El hombre era Bannister, el mediofondista más acreditado de Inglaterra y el único capaz de superar el umbral de los cuatro minutos. A Bannister le corría prisa porque desde Australia le llegaban noticias de las marcas de John Landy, cada vez más cercanas a los cuatro minutos. Sabía también que no tendría muchas más oportunidades: a final de año abandonaría el atletismo para dedicarse al doctorado en Neurología. Para ayudarle acudieron Brasher y Chataway, que oficiaron de liebres. No le defraudaron, aunque durante algunos instantes de la prueba Bannister pareció contenerse. Quería un poco más de velocidad. A falta de 400 metros, el registro era prometedor, pero no suficiente: 3m00,07s.
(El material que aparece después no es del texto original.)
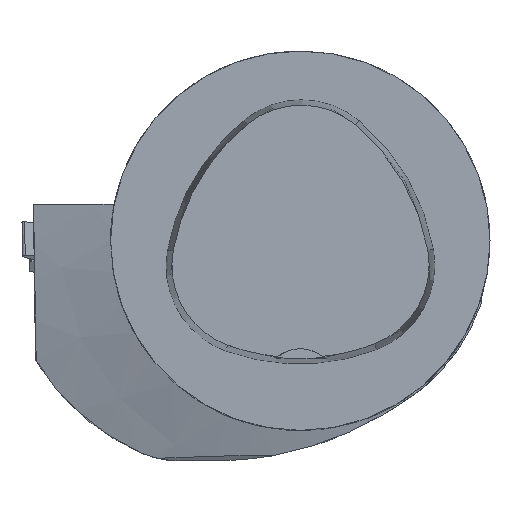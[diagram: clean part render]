
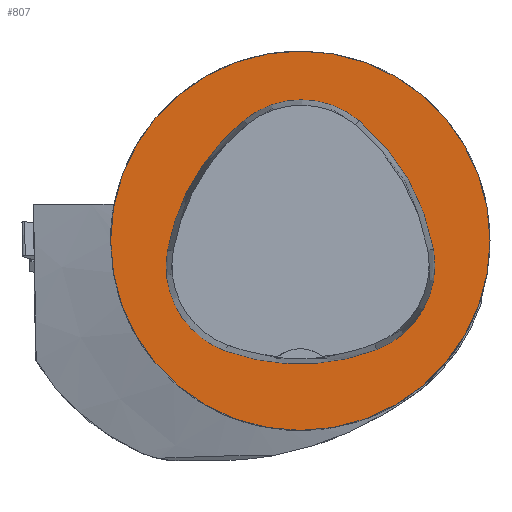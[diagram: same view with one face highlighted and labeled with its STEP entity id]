
A CAD part, top view. The second image highlights one B-rep face of the part: STEP entity #807.
In plain terms, the highlighted planar face has unit normal (0, 0, 1).
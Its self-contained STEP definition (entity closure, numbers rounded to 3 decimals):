
#222=PLANE('',#2464);
#807=ADVANCED_FACE('',(#886,#887),#222,.T.);
#886=FACE_BOUND('',#993,.T.);
#887=FACE_BOUND('',#994,.T.);
#993=EDGE_LOOP('',(#1521,#1522,#1523,#1524,#1525,#1526));
#994=EDGE_LOOP('',(#1527));
#1521=ORIENTED_EDGE('',*,*,#2123,.T.);
#1522=ORIENTED_EDGE('',*,*,#2103,.T.);
#1523=ORIENTED_EDGE('',*,*,#2107,.T.);
#1524=ORIENTED_EDGE('',*,*,#2110,.T.);
#1525=ORIENTED_EDGE('',*,*,#2113,.T.);
#1526=ORIENTED_EDGE('',*,*,#2121,.T.);
#1527=ORIENTED_EDGE('',*,*,#2094,.F.);
#1816=VERTEX_POINT('',#3880);
#1825=VERTEX_POINT('',#3899);
#1826=VERTEX_POINT('',#3900);
#1829=VERTEX_POINT('',#3908);
#1831=VERTEX_POINT('',#3914);
#1833=VERTEX_POINT('',#3920);
#1840=VERTEX_POINT('',#3941);
#2094=EDGE_CURVE('',#1816,#1816,#2199,.T.);
#2103=EDGE_CURVE('',#1825,#1826,#2200,.T.);
#2107=EDGE_CURVE('',#1826,#1829,#2202,.T.);
#2110=EDGE_CURVE('',#1829,#1831,#2204,.T.);
#2113=EDGE_CURVE('',#1831,#1833,#2206,.T.);
#2121=EDGE_CURVE('',#1833,#1840,#2210,.T.);
#2123=EDGE_CURVE('',#1840,#1825,#2212,.T.);
#2199=CIRCLE('',#2436,31.5);
#2200=CIRCLE('',#2442,36.);
#2202=CIRCLE('',#2445,15.);
#2204=CIRCLE('',#2448,36.);
#2206=CIRCLE('',#2451,15.);
#2210=CIRCLE('',#2456,36.);
#2212=CIRCLE('',#2459,15.);
#2436=AXIS2_PLACEMENT_3D('',#3879,#2980,#2981);
#2442=AXIS2_PLACEMENT_3D('',#3898,#2996,#2997);
#2445=AXIS2_PLACEMENT_3D('',#3907,#3004,#3005);
#2448=AXIS2_PLACEMENT_3D('',#3913,#3011,#3012);
#2451=AXIS2_PLACEMENT_3D('',#3919,#3018,#3019);
#2456=AXIS2_PLACEMENT_3D('',#3942,#3030,#3031);
#2459=AXIS2_PLACEMENT_3D('',#3945,#3036,#3037);
#2464=AXIS2_PLACEMENT_3D('',#3950,#3046,#3047);
#2980=DIRECTION('',(0.,0.,-1.));
#2981=DIRECTION('',(-1.,0.,0.));
#2996=DIRECTION('',(0.,0.,-1.));
#2997=DIRECTION('',(-1.,0.,0.));
#3004=DIRECTION('',(0.,0.,-1.));
#3005=DIRECTION('',(-1.,0.,0.));
#3011=DIRECTION('',(0.,0.,-1.));
#3012=DIRECTION('',(-1.,0.,0.));
#3018=DIRECTION('',(0.,0.,-1.));
#3019=DIRECTION('',(-1.,0.,0.));
#3030=DIRECTION('',(0.,0.,-1.));
#3031=DIRECTION('',(-1.,0.,0.));
#3036=DIRECTION('',(0.,0.,-1.));
#3037=DIRECTION('',(-1.,0.,0.));
#3046=DIRECTION('',(0.,0.,1.));
#3047=DIRECTION('',(1.,0.,0.));
#3879=CARTESIAN_POINT('',(0.,0.,0.));
#3880=CARTESIAN_POINT('',(-31.5,0.,0.));
#3898=CARTESIAN_POINT('',(13.398,-7.893,0.));
#3899=CARTESIAN_POINT('',(-22.041,-1.562,0.));
#3900=CARTESIAN_POINT('',(-9.317,20.036,0.));
#3907=CARTESIAN_POINT('',(0.148,8.399,0.));
#3908=CARTESIAN_POINT('',(9.779,19.898,0.));
#3913=CARTESIAN_POINT('',(-13.337,-7.7,0.));
#3914=CARTESIAN_POINT('',(22.122,-1.48,0.));
#3919=CARTESIAN_POINT('',(7.347,-4.071,0.));
#3920=CARTESIAN_POINT('',(12.693,-18.087,0.));
#3941=CARTESIAN_POINT('',(-12.373,-18.307,0.));
#3942=CARTESIAN_POINT('',(-0.137,15.55,0.));
#3945=CARTESIAN_POINT('',(-7.275,-4.2,0.));
#3950=CARTESIAN_POINT('',(0.,0.,0.));
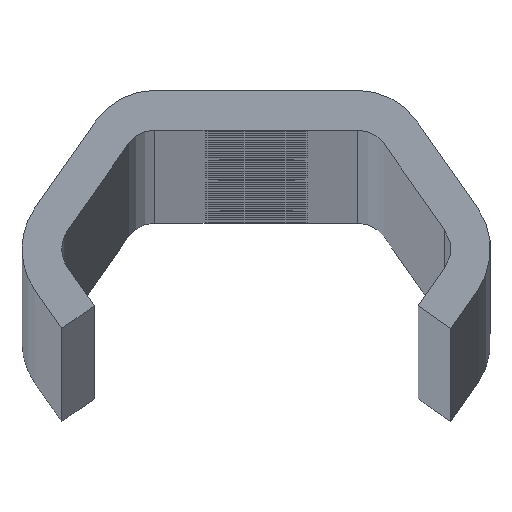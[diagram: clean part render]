
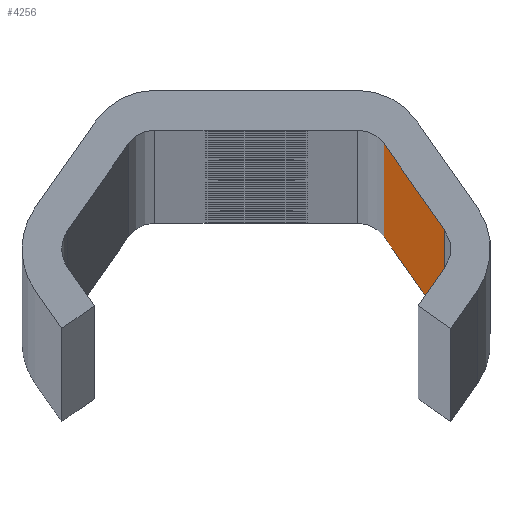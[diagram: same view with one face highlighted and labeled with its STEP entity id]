
A CAD part, top view. The second image highlights one B-rep face of the part: STEP entity #4256.
In plain terms, the highlighted planar face has unit normal (-0.819, -0.574, 0).
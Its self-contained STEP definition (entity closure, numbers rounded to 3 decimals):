
#88 = VERTEX_POINT ( 'NONE', #3651 ) ;
#367 = EDGE_LOOP ( 'NONE', ( #1985, #3915, #6235, #2118 ) ) ;
#486 = LINE ( 'NONE', #5609, #7962 ) ;
#661 = LINE ( 'NONE', #4505, #1646 ) ;
#1646 = VECTOR ( 'NONE', #2731, 1000. ) ;
#1763 = CARTESIAN_POINT ( 'NONE',  ( 11.883, 1.163, 1680. ) ) ;
#1789 = PLANE ( 'NONE',  #5535 ) ;
#1985 = ORIENTED_EDGE ( 'NONE', *, *, #2159, .T. ) ;
#2118 = ORIENTED_EDGE ( 'NONE', *, *, #3158, .T. ) ;
#2159 = EDGE_CURVE ( 'NONE', #7007, #6871, #2512, .T. ) ;
#2167 = VECTOR ( 'NONE', #8062, 1000. ) ;
#2183 = CARTESIAN_POINT ( 'NONE',  ( 11.883, 1.163, 1680. ) ) ;
#2512 = LINE ( 'NONE', #4401, #3254 ) ;
#2731 = DIRECTION ( 'NONE',  ( 0., 0., -1. ) ) ;
#3158 = EDGE_CURVE ( 'NONE', #88, #7007, #661, .T. ) ;
#3189 = DIRECTION ( 'NONE',  ( -0.574, 0.819, 0. ) ) ;
#3254 = VECTOR ( 'NONE', #5676, 1000. ) ;
#3363 = EDGE_CURVE ( 'NONE', #88, #6562, #486, .T. ) ;
#3651 = CARTESIAN_POINT ( 'NONE',  ( 8.052, 6.635, 1680. ) ) ;
#3915 = ORIENTED_EDGE ( 'NONE', *, *, #7189, .F. ) ;
#4256 = ADVANCED_FACE ( 'NONE', ( #6891 ), #1789, .F. ) ;
#4401 = CARTESIAN_POINT ( 'NONE',  ( 8.052, 6.635, -1680. ) ) ;
#4505 = CARTESIAN_POINT ( 'NONE',  ( 8.052, 6.635, 1680. ) ) ;
#5535 = AXIS2_PLACEMENT_3D ( 'NONE', #7553, #7432, #3189 ) ;
#5596 = LINE ( 'NONE', #1763, #2167 ) ;
#5609 = CARTESIAN_POINT ( 'NONE',  ( 8.052, 6.635, 1680. ) ) ;
#5676 = DIRECTION ( 'NONE',  ( 0.574, -0.819, 0. ) ) ;
#6184 = DIRECTION ( 'NONE',  ( 0.574, -0.819, 0. ) ) ;
#6235 = ORIENTED_EDGE ( 'NONE', *, *, #3363, .F. ) ;
#6562 = VERTEX_POINT ( 'NONE', #2183 ) ;
#6871 = VERTEX_POINT ( 'NONE', #6999 ) ;
#6891 = FACE_OUTER_BOUND ( 'NONE', #367, .T. ) ;
#6999 = CARTESIAN_POINT ( 'NONE',  ( 11.883, 1.163, -1680. ) ) ;
#7007 = VERTEX_POINT ( 'NONE', #7327 ) ;
#7189 = EDGE_CURVE ( 'NONE', #6562, #6871, #5596, .T. ) ;
#7327 = CARTESIAN_POINT ( 'NONE',  ( 8.052, 6.635, -1680. ) ) ;
#7432 = DIRECTION ( 'NONE',  ( 0.819, 0.574, 0. ) ) ;
#7553 = CARTESIAN_POINT ( 'NONE',  ( 8.052, 6.635, 1680. ) ) ;
#7962 = VECTOR ( 'NONE', #6184, 1000. ) ;
#8062 = DIRECTION ( 'NONE',  ( 0., 0., -1. ) ) ;

Bannister tenía que cubrir la última vuelta en menos de un minuto. Lo logró a duras penas, en un dificultoso combate contra el viento, la fatiga y las emociones. En la línea de llegada, los jueces atendían expectantes a los cronómetros. En la vieja tribuna, los estudiantes animaban con entusiasmo al atleta. En la pista, Bannister daba el aspecto de un sufriente, con el rostro descoyuntado, la boca abierta, los ojos cerrados, el pecho avanzado, en busca de un centímetro, una décima de segundo, cualquier margen que significara la conquista del muro. Así rompió la cinta aquella tarde de mayo. Su tiempo: 3m59,70s. Bannister había corrido la milla perfecta.